With the screen removed again Steven Wilson began a discussion with the audience regarding serial killers and how the U.K. has the best ones before introducing a song about one of his favourite U.S. examples, Raider II, which was, as with the 2011 show, one of the highlights of a hugely entertaining set, Theo blowing up a storm in what develops into a thundering jazz-rock monster, his flute clearly heard throughout even the densest sections, Minnemann and Beggs more than earning their money pounding in particularly effective style; Wilson at his most KCrimson-esque.

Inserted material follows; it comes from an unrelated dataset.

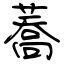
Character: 蕎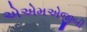
એએમએજીબી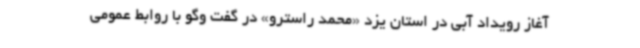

A foray back to Wilson's first solo album proper, 2008's Insurgentes began with the wistful title track before Harmony Korine; well done but mainly highlighting the way that Wilson's work has developed over the intervening albums and sounding almost primitive in comparison. Nice to hear nonetheless. The twinkly intro to No Part Of Me was next, the fiddlyness of this one played with style by all, Minnemann clinically thrashing around like only he can and Travis taking over at Wilson's desk-like keys setup at the front of the stage to start before returning to his sax, Wilson sitting to sing the emotive lyrics then strapping on guitar for the end section. Throughout this show Steven Wilson was more engaging and animated than I've ever seen him previously either solo or with Porcupine Tree, seeming to spend more time just singing or playing guitar with less attention given to keyboards or conducting.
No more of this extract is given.